The Maoists knew it is not easy to confront residents of the Narayan Hitty Palace directly as that would bring them face to face with the army and also world opinion would be against them. Hence, they chose a path of silent intimidation and threats that worked. Elections were held in fear and political parties dared not campaign in large parts of Nepal, giving the Maoists an edge.
Prachanda was confident that he would get a two thirds majority even before the results were announced. He behaved like a political maestro dictating terms. Once he even assured Madhav Nepal of support for his candidature for the presidency, and then changed his mind the next morning.
He hoped to have his man as president and become prime minister himself. That could not happen as the Nepali Congress's Ram Baran Yadav emerged the surprise winner.
Feeling bitter and disillusioned Prachanda again used the old threatening posture and said the Maoists would not join the government. Madhav Nepal and others got a hint that if Prachanda's wishes were not addressed, he would remain outside the government and not allow it to function like he did during the insurgency. It is better to keep the wolf inside the group than to allow him wander in the jungles again -- this 'wisdom' made the CPN-UML and the Madheshi Janadhikar Forum accept Prachanda's tantrums and leadership.
Now the real test begins for Nepal and the Maoists. Prachanda's Young Communist League has to be contained. His guerillas, with many still wielding guns, if inducted into the royal army, as he had been promising will create new problems of assimilation.
It must be noted that the Maoists have not earned political power through democratic activities, but through gun battles and murders. So those who supported them with money and gun powder all these years will demand their pound of flesh.
Power corrupts and luxuries add glamour to it. Already, Prachanda has gained 'fame' as the 'Rolex revolutionary'. He has made a lot of promises to his followers and the general public. He sold dreams of a great revolution that would bring in a proletariat regime benefitting the poor and deprived.

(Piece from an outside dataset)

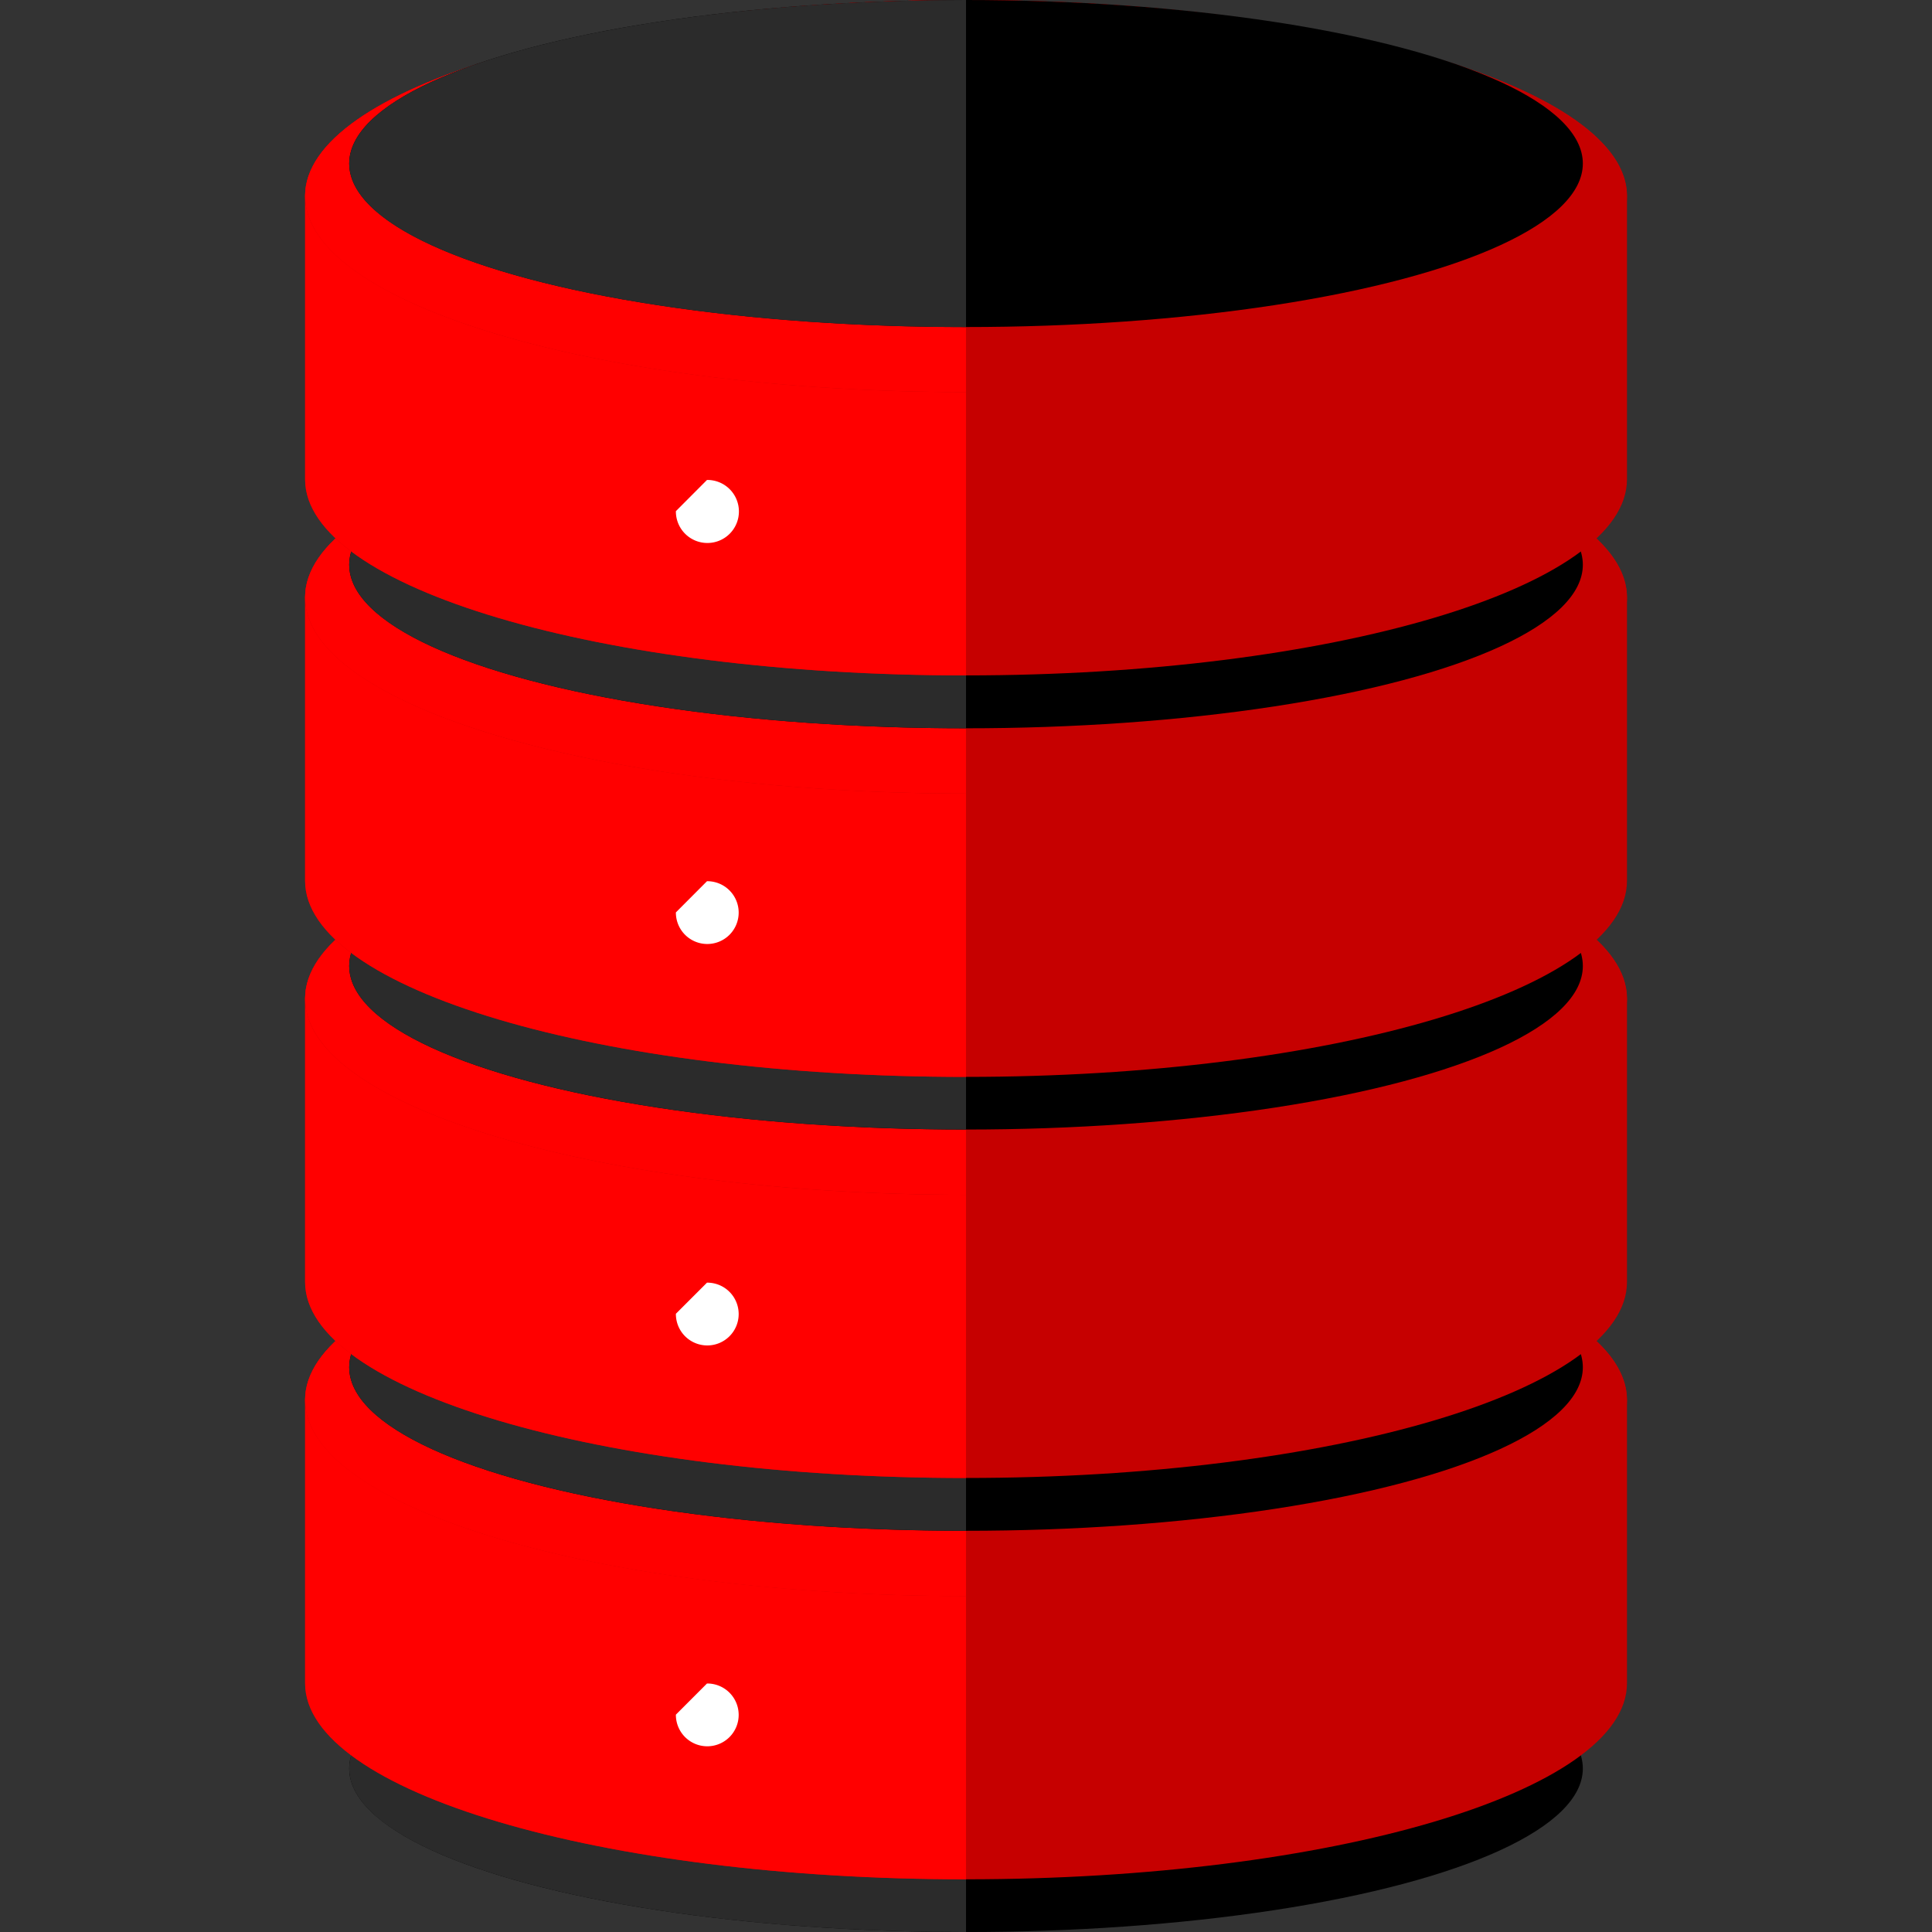 <?xml version="1.0" encoding="utf-8"?>
<svg xmlns="http://www.w3.org/2000/svg" width="80" height="80" viewBox="0 0 80 80"><rect x="0" y="0" width="80" height="80" fill="#333333" stroke="none"/><defs><clipPath id="a"><path data-name="Group 25-area" transform="translate(424.46 2562.914)" d="M0 0h80v80H0z"/></clipPath></defs><g data-name="Mask Group 4" clip-path="url(#a)" transform="translate(-424.46 -2562.914)"><g data-name="Red Key Backup-inner"><g data-name="Group 5"><g data-name="Group 1" transform="translate(413.935 2552.388)"><ellipse data-name="Ellipse 1" cx="25.541" cy="6.771" rx="25.541" ry="6.771" transform="translate(24.985 76.985)"/><path data-name="Path 1" d="M24.985 83.756c0 3.739 11.436 6.771 25.541 6.771V76.994c-14.1 0-25.541 3.031-25.541 6.762z" fill="#2b2b2b"/></g><g data-name="Group 2"><path data-name="Path 2" d="M491.83 2620.888v11.726c0 4.488-12.253 8.118-27.368 8.118s-27.368-3.637-27.368-8.118v-11.726c0-4.488 12.253-8.118 27.368-8.118s27.368 3.626 27.368 8.118z" fill="#c60000"/><path data-name="Path 3" d="M437.093 2620.888v11.726c0 4.488 12.253 8.118 27.368 8.118v-27.965c-15.115 0-27.368 3.629-27.368 8.121z" fill="red"/></g><g data-name="Group 3" transform="translate(413.935 2552.388)"><ellipse data-name="Ellipse 2" cx="27.368" cy="8.118" rx="27.368" ry="8.118" transform="translate(23.158 60.379)" fill="#c60000"/><path data-name="Path 4" d="M23.158 68.5c0 4.488 12.253 8.118 27.368 8.118V60.379c-15.115 0-27.368 3.629-27.368 8.121z" fill="red"/></g><g data-name="Group 4" transform="translate(413.935 2552.388)"><ellipse data-name="Ellipse 3" cx="25.541" cy="6.771" rx="25.541" ry="6.771" transform="translate(24.985 60.371)"/><path data-name="Path 5" d="M24.985 67.141c0 3.739 11.436 6.771 25.541 6.771V60.379c-14.105 0-25.541 3.021-25.541 6.762z" fill="#2b2b2b"/></g><path data-name="Path 6" d="M453.735 2632.624a1.3 1.3 0 11-1.288 1.29" fill="#fff"/></g><g data-name="Group 9"><g data-name="Group 6"><path data-name="Path 7" d="M491.83 2604.27v11.731c0 4.488-12.253 8.113-27.369 8.113s-27.368-3.638-27.368-8.118v-11.726c0-4.488 12.253-8.118 27.368-8.118s27.369 3.63 27.369 8.118z" fill="#c60000"/><path data-name="Path 8" d="M437.093 2604.27v11.731c0 4.488 12.253 8.113 27.368 8.113v-27.97c-15.115 0-27.368 3.638-27.368 8.126z" fill="red"/></g><g data-name="Group 7"><path data-name="Path 9" d="M491.83 2604.27c0 4.489-12.253 8.118-27.369 8.118s-27.368-3.638-27.368-8.118 12.253-8.118 27.368-8.118 27.369 3.63 27.369 8.118z" fill="#c60000"/><path data-name="Path 10" d="M437.093 2604.27c0 4.489 12.253 8.118 27.368 8.118v-16.244c-15.115 0-27.368 3.638-27.368 8.126z" fill="red"/></g><g data-name="Group 8" transform="translate(413.935 2552.388)"><ellipse data-name="Ellipse 4" cx="25.541" cy="6.771" rx="25.541" ry="6.771" transform="translate(24.985 43.756)"/><path data-name="Path 11" d="M24.985 50.526c0 3.739 11.436 6.771 25.541 6.771V43.756c-14.105 0-25.541 3.031-25.541 6.77z" fill="#2b2b2b"/></g><path data-name="Path 12" d="M453.735 2616.026a1.3 1.3 0 11-1.288 1.288" fill="#fff"/></g><g data-name="Group 13"><g data-name="Group 10"><path data-name="Path 13" d="M491.83 2587.655v11.733c0 4.488-12.253 8.118-27.368 8.118s-27.369-3.64-27.369-8.118v-11.733c0-4.488 12.253-8.118 27.368-8.118s27.369 3.63 27.369 8.118z" fill="#c60000"/><path data-name="Path 14" d="M437.093 2587.655v11.733c0 4.488 12.253 8.118 27.368 8.118v-27.977c-15.115 0-27.368 3.638-27.368 8.126z" fill="red"/></g><g data-name="Group 11" transform="translate(413.935 2552.388)"><ellipse data-name="Ellipse 5" cx="27.368" cy="8.118" rx="27.368" ry="8.118" transform="translate(23.158 27.149)" fill="#c60000"/><path data-name="Path 15" d="M23.158 35.267c0 4.488 12.253 8.118 27.368 8.118V27.141c-15.115 0-27.368 3.638-27.368 8.126z" fill="red"/></g><g data-name="Group 12" transform="translate(413.935 2552.388)"><ellipse data-name="Ellipse 6" cx="25.541" cy="6.771" rx="25.541" ry="6.771" transform="translate(24.985 27.141)"/><path data-name="Path 16" d="M24.985 33.912c0 3.739 11.436 6.771 25.541 6.771V27.141c-14.1 0-25.541 3.032-25.541 6.771z" fill="#2b2b2b"/></g><path data-name="Path 17" d="M453.735 2599.403a1.3 1.3 0 11-1.288 1.292" fill="#fff"/></g><g data-name="Group 17"><g data-name="Group 14"><path data-name="Path 18" d="M491.83 2571.032v11.731c0 4.488-12.253 8.118-27.368 8.118s-27.368-3.638-27.368-8.118v-11.731c0-4.488 12.253-8.118 27.367-8.118s27.369 3.638 27.369 8.118z" fill="#c60000"/><path data-name="Path 19" d="M437.093 2571.032v11.731c0 4.488 12.253 8.118 27.368 8.118v-27.967c-15.115 0-27.368 3.638-27.368 8.118z" fill="red"/></g><g data-name="Group 15" transform="translate(413.935 2552.388)"><ellipse data-name="Ellipse 7" cx="27.368" cy="8.118" rx="27.368" ry="8.118" transform="translate(23.158 10.526)" fill="#c60000"/><path data-name="Path 20" d="M23.158 18.644c0 4.488 12.253 8.118 27.368 8.118V10.526c-15.115 0-27.368 3.638-27.368 8.118z" fill="red"/></g><g data-name="Group 16" transform="translate(413.935 2552.388)"><ellipse data-name="Ellipse 8" cx="25.541" cy="6.771" rx="25.541" ry="6.771" transform="translate(24.985 10.526)"/><path data-name="Path 21" d="M24.985 17.3c0 3.739 11.436 6.771 25.541 6.771V10.526c-14.105 0-25.541 3.032-25.541 6.774z" fill="#2b2b2b"/></g><path data-name="Path 22" d="M453.735 2582.788a1.305 1.305 0 11-1.288 1.292" fill="#fff"/></g></g><path data-name="Red Key Backup-area" d="M424.461 2562.914h80v80h-80z" fill="none"/></g></svg>

China has begun asserting its influence too rashly and it may make Kathmandu an uneasy platform in US-China rivalry costing Nepal its well-kept sovereignty. A deeply religious and faithful Nepal is being led by a person who has refused to go to the Pashupati Nath temple, as has been customary for every new prime minister in the past. He declared he is an atheist who changed his name so that his religious and Brahmin identity will not be identifiable.
Nepal is fast becoming an NGO country taking enormous amount of dollar grants from Western Christian countries that are openly expanding their proselytising activities in rural areas where the citizens are poor, illiterate and an easy target. It would be interesting to see how Prachanda addresses this issue. He will also have to ensure Pakistani elements are not given any space to operate against India.
If Prachanda is prudent and mature, he won't let relations with India be marred by anti-India posturing. Will he be able to do that? India's long border with Nepal has seen an unusual growth in madarssas and jihadi activities. Will Prachanda's Nepal help handle that? Nepal's new constitution has to be written and this government is formed to complete that task taking everyone into confidence.
But given his nature and characteristics, Prachanda will dictate terms and others will have to say yes, exactly the way then Communist totalitarian leaders showed in their early days of ascendancy to power. One can only hope and pray that these apprehensions are proved wrong and the guerrilla in his new avatar will genuinely turn into democrat and a friendly neighbour.
Otherwise, we would see another centre of pain emerging in our neck.
Tarun Vijay is director, Dr Syama Prasad Mookerjee Research Foundation, and a long-time Nepal observer.